## Exercise
Write out exactly the lines of the entries below, from the first through the line containing "latitude: 47.0917", and nothing beyond them.

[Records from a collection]
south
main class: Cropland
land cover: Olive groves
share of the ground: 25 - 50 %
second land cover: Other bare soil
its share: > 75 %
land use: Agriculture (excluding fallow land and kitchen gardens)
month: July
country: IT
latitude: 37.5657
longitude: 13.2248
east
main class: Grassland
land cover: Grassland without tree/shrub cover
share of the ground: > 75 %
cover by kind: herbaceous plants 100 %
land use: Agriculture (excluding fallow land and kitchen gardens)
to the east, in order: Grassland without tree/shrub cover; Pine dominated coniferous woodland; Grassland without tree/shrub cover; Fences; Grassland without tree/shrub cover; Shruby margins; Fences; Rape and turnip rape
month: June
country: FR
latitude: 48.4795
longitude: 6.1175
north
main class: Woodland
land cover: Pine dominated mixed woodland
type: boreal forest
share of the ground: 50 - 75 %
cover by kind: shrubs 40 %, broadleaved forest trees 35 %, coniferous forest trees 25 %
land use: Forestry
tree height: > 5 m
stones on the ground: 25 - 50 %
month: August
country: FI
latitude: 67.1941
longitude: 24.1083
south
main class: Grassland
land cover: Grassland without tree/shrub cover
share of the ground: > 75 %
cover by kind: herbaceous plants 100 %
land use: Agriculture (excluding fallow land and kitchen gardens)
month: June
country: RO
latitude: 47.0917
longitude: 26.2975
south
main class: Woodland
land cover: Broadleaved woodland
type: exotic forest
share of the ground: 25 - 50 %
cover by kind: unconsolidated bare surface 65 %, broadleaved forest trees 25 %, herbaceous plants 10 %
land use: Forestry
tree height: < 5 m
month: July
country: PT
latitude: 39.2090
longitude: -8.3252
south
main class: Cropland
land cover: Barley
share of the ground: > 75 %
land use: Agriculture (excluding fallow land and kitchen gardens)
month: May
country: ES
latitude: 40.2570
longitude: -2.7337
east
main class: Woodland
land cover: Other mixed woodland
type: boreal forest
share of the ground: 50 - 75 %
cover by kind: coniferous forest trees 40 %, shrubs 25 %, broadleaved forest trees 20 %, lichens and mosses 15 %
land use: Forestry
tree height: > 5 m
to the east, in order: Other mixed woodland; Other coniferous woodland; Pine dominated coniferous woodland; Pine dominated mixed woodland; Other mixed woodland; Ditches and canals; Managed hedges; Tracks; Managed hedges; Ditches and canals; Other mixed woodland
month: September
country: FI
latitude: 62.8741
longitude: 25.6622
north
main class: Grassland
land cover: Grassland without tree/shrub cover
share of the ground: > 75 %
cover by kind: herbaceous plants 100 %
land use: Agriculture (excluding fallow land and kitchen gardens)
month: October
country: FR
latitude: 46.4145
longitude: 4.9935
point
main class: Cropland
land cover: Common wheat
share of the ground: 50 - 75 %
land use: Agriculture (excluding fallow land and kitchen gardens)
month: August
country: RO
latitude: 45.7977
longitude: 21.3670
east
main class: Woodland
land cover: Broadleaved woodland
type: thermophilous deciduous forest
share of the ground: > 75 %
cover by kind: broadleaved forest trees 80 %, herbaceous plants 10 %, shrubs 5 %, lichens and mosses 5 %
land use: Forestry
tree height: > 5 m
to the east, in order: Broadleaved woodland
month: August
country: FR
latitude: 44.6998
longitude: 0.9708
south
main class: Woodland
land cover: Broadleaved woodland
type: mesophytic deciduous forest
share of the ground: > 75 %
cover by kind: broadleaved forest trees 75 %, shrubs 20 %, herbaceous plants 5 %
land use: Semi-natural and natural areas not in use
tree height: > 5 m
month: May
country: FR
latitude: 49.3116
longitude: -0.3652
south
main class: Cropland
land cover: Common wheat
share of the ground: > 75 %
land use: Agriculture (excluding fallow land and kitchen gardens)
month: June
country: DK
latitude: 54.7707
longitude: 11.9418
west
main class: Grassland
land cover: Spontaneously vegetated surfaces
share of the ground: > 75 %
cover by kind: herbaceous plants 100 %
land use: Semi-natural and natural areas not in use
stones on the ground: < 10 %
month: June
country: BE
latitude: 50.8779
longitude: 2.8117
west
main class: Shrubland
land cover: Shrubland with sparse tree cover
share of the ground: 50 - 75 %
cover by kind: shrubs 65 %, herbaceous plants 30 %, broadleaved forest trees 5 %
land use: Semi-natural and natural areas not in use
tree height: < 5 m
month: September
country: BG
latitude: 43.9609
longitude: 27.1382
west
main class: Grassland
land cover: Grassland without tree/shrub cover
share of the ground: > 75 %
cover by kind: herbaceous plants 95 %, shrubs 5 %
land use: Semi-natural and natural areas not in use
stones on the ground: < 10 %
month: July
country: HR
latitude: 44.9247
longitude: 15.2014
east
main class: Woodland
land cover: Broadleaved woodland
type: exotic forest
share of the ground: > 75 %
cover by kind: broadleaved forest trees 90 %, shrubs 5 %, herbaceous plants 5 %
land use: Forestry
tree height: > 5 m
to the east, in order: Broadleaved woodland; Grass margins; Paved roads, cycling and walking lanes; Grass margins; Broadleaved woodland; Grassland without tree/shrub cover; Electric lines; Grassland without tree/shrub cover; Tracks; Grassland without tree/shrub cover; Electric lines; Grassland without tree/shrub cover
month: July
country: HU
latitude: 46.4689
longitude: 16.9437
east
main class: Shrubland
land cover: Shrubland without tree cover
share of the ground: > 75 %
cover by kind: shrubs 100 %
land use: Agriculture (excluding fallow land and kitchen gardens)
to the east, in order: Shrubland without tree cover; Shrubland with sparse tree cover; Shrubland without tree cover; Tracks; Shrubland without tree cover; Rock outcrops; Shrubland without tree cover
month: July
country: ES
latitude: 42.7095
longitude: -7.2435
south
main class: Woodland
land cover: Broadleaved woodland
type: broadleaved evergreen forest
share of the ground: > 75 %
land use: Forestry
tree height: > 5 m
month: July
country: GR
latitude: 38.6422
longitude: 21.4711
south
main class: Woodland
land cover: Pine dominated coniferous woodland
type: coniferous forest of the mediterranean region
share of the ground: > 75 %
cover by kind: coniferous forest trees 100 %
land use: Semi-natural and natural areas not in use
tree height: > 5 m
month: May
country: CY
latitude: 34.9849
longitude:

## Output below
south
main class: Cropland
land cover: Olive groves
share of the ground: 25 - 50 %
second land cover: Other bare soil
its share: > 75 %
land use: Agriculture (excluding fallow land and kitchen gardens)
month: July
country: IT
latitude: 37.5657
longitude: 13.2248
east
main class: Grassland
land cover: Grassland without tree/shrub cover
share of the ground: > 75 %
cover by kind: herbaceous plants 100 %
land use: Agriculture (excluding fallow land and kitchen gardens)
to the east, in order: Grassland without tree/shrub cover; Pine dominated coniferous woodland; Grassland without tree/shrub cover; Fences; Grassland without tree/shrub cover; Shruby margins; Fences; Rape and turnip rape
month: June
country: FR
latitude: 48.4795
longitude: 6.1175
north
main class: Woodland
land cover: Pine dominated mixed woodland
type: boreal forest
share of the ground: 50 - 75 %
cover by kind: shrubs 40 %, broadleaved forest trees 35 %, coniferous forest trees 25 %
land use: Forestry
tree height: > 5 m
stones on the ground: 25 - 50 %
month: August
country: FI
latitude: 67.1941
longitude: 24.1083
south
main class: Grassland
land cover: Grassland without tree/shrub cover
share of the ground: > 75 %
cover by kind: herbaceous plants 100 %
land use: Agriculture (excluding fallow land and kitchen gardens)
month: June
country: RO
latitude: 47.0917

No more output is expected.